ACTIVITY
Extract each line of the records below that contains the word "height".

====

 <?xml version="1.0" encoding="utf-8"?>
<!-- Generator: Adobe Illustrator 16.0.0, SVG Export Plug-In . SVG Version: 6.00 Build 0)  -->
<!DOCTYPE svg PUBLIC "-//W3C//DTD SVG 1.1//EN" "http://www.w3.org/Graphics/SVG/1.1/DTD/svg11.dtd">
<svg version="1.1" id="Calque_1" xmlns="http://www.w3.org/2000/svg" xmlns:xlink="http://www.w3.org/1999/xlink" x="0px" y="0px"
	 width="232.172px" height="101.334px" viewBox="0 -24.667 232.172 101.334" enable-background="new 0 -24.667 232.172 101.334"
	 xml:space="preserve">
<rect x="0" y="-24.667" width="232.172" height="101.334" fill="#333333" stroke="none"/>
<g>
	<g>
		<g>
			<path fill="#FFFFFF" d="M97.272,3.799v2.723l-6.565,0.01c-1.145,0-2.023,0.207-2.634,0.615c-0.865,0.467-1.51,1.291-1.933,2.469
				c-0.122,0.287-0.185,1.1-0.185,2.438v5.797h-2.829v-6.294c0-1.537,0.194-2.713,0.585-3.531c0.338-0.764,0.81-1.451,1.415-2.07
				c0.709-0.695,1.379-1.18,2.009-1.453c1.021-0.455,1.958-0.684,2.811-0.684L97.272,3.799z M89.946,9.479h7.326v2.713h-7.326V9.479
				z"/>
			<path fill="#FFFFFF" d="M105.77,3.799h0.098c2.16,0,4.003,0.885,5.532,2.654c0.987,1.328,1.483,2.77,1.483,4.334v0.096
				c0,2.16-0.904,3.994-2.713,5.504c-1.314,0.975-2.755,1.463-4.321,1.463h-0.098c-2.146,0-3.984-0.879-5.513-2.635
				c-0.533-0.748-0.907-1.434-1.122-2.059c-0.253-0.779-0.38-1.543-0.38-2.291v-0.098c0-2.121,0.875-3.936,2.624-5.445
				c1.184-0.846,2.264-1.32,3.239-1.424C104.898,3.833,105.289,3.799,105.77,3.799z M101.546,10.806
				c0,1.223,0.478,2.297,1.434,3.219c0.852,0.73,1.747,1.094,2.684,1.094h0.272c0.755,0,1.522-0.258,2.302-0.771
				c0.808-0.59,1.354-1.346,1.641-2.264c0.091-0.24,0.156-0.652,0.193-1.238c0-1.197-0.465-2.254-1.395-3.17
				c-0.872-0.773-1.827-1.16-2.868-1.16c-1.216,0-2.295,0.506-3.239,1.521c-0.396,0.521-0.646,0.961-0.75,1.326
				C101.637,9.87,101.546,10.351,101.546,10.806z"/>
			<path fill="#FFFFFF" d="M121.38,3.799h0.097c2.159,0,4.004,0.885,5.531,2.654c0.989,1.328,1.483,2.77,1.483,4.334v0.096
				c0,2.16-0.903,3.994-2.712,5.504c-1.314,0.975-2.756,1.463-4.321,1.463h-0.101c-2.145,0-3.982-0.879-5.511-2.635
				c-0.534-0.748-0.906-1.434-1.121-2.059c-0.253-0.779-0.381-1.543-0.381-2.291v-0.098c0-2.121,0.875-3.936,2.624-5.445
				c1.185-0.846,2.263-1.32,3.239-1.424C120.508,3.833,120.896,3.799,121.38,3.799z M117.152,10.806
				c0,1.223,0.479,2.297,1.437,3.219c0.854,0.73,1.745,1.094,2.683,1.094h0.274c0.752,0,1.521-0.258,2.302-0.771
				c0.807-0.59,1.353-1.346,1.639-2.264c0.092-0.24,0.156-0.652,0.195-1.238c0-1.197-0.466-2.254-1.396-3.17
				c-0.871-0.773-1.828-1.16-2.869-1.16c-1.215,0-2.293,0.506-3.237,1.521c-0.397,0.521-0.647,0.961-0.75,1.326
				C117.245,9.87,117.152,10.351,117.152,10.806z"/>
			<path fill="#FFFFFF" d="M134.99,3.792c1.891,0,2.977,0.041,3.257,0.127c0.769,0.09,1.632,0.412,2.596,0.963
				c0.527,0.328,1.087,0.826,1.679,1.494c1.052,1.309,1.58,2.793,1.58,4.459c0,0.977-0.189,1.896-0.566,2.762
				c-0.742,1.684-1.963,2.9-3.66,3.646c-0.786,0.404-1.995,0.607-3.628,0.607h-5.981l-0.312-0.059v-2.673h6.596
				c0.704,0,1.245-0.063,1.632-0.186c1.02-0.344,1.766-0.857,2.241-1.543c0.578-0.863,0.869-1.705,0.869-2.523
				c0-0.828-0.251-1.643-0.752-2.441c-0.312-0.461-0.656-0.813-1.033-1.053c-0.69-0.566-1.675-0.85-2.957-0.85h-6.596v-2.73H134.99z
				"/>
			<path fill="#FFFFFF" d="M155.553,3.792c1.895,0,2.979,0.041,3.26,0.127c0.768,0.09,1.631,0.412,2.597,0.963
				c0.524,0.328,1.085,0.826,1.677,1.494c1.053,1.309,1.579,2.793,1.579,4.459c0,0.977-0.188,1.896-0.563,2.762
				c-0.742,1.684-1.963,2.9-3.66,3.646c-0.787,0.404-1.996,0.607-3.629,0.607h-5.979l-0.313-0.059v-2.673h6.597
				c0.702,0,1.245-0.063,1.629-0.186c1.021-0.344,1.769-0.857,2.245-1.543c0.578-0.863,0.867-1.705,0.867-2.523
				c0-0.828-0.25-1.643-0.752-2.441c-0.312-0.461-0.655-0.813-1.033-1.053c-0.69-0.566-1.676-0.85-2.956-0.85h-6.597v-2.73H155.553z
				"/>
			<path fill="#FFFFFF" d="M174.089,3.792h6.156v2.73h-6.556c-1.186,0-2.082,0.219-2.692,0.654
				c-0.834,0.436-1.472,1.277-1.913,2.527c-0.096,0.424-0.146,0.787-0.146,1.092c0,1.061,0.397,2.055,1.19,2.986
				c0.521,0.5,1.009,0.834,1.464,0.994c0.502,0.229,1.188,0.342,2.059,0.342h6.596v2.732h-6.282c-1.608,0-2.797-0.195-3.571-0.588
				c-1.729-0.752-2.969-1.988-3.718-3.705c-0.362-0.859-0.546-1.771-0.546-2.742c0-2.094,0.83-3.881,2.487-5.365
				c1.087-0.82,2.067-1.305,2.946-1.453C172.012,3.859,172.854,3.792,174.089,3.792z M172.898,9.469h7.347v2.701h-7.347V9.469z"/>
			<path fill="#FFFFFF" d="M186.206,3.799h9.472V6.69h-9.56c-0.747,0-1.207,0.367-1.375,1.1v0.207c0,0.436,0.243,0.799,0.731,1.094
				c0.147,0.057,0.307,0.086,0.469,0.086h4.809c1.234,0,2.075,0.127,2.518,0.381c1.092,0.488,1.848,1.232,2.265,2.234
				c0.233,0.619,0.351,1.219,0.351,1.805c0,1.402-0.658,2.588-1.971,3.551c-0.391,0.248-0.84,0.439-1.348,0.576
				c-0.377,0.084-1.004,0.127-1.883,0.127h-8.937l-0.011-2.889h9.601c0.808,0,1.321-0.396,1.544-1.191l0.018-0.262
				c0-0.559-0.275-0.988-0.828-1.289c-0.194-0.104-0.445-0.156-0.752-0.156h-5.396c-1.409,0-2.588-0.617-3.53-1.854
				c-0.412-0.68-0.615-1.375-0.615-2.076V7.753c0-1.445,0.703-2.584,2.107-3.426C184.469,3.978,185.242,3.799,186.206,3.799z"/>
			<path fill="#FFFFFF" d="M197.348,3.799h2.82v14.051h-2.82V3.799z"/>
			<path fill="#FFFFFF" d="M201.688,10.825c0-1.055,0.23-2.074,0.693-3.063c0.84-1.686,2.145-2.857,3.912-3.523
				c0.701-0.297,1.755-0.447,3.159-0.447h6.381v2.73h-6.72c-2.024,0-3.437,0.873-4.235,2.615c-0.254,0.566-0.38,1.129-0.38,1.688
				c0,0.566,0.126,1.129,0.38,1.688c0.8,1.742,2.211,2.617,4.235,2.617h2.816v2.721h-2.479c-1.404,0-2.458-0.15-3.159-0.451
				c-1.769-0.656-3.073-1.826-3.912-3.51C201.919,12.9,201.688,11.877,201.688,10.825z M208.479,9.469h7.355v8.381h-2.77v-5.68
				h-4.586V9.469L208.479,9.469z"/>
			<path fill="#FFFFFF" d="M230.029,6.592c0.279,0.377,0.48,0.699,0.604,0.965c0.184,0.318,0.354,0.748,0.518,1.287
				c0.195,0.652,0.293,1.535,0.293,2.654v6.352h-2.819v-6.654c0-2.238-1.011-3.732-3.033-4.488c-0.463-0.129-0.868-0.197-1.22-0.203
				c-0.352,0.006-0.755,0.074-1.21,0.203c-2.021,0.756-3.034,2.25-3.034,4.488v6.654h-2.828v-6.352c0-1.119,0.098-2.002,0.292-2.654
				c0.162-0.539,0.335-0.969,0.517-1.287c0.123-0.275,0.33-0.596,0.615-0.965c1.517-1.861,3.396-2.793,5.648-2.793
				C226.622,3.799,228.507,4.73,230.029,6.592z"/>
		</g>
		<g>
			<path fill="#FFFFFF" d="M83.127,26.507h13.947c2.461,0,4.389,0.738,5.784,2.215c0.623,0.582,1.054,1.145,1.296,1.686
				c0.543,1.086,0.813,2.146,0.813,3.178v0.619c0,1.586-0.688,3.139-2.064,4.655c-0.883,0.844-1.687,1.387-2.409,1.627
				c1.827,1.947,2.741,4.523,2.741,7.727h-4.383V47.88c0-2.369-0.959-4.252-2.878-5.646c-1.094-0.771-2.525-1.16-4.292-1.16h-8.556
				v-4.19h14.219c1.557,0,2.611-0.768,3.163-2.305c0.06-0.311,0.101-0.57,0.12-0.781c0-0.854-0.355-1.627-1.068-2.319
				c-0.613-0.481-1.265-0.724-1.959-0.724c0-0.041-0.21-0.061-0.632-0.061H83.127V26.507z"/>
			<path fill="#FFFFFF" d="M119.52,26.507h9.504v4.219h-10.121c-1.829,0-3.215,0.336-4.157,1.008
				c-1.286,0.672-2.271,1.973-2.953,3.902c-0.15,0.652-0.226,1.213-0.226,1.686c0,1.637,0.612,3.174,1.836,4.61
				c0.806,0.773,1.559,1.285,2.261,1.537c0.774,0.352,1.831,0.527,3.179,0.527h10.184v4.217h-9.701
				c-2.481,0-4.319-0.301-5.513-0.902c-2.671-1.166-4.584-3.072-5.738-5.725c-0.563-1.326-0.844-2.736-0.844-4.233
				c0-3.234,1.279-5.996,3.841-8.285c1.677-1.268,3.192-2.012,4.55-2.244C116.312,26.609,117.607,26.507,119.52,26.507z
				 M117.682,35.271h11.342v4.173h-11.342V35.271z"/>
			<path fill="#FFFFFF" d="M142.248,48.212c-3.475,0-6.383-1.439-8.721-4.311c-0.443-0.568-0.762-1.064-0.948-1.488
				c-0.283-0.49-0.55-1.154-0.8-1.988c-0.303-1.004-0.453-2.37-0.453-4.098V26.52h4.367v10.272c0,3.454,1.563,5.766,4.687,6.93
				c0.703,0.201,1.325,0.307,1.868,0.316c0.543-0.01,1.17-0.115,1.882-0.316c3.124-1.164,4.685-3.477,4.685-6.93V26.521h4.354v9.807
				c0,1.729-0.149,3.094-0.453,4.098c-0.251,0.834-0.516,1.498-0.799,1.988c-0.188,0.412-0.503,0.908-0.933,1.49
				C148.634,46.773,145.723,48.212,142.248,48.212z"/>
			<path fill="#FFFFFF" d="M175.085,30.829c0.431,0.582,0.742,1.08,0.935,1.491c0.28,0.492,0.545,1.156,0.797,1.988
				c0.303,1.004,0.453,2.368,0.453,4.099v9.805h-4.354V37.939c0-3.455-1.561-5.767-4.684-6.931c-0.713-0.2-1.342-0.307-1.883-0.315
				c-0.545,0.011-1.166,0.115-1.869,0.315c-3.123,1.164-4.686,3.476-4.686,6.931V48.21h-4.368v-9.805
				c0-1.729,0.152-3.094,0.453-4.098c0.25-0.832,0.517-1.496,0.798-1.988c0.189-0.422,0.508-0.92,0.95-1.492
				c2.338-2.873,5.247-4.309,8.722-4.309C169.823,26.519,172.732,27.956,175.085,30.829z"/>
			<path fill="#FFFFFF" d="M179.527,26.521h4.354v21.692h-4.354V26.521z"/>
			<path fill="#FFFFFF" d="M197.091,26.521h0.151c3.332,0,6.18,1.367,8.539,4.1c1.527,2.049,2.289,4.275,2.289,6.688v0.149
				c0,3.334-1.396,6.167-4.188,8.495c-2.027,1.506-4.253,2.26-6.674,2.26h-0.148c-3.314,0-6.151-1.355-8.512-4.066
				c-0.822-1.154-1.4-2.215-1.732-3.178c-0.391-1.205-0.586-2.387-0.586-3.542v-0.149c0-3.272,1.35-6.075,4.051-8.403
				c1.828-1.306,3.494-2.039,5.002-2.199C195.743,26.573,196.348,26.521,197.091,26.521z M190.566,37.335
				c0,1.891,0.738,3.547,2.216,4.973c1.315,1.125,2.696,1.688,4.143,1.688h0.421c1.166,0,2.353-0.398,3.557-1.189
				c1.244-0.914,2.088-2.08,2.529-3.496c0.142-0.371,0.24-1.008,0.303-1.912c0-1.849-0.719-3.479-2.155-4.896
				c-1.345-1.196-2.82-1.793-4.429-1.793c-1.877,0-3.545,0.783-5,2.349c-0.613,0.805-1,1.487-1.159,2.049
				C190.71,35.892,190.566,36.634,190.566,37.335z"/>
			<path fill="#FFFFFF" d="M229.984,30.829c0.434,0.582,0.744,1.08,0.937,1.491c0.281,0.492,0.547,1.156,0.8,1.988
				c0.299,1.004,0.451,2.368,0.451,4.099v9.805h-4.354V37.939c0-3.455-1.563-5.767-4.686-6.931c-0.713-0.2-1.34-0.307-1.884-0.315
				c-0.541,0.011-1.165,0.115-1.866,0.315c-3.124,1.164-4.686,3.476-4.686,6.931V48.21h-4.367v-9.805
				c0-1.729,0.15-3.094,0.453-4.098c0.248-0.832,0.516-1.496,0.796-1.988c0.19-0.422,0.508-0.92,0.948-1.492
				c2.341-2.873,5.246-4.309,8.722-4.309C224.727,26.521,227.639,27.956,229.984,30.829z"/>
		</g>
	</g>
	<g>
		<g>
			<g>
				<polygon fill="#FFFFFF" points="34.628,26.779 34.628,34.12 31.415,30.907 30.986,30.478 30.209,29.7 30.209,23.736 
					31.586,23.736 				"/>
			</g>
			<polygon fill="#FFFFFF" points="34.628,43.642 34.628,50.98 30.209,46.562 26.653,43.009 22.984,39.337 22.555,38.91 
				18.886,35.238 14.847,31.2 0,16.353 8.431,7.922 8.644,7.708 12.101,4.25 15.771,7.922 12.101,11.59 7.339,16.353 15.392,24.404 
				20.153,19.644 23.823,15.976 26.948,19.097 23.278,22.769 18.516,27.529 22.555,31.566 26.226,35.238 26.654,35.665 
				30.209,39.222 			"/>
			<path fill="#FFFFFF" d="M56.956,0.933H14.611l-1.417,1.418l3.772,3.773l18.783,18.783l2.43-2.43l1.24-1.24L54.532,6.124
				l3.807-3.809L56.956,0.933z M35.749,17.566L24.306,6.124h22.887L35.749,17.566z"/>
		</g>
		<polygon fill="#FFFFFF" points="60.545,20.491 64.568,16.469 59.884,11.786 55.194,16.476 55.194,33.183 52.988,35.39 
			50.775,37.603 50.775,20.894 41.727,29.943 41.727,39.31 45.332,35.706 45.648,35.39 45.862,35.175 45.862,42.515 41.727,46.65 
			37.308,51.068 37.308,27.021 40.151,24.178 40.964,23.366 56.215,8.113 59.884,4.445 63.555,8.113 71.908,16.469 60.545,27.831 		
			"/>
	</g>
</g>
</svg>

====

ANSWER TO THIS TASK
	 width="232.172px" height="101.334px" viewBox="0 -24.667 232.172 101.334" enable-background="new 0 -24.667 232.172 101.334"
<rect x="0" y="-24.667" width="232.172" height="101.334" fill="#333333" stroke="none"/>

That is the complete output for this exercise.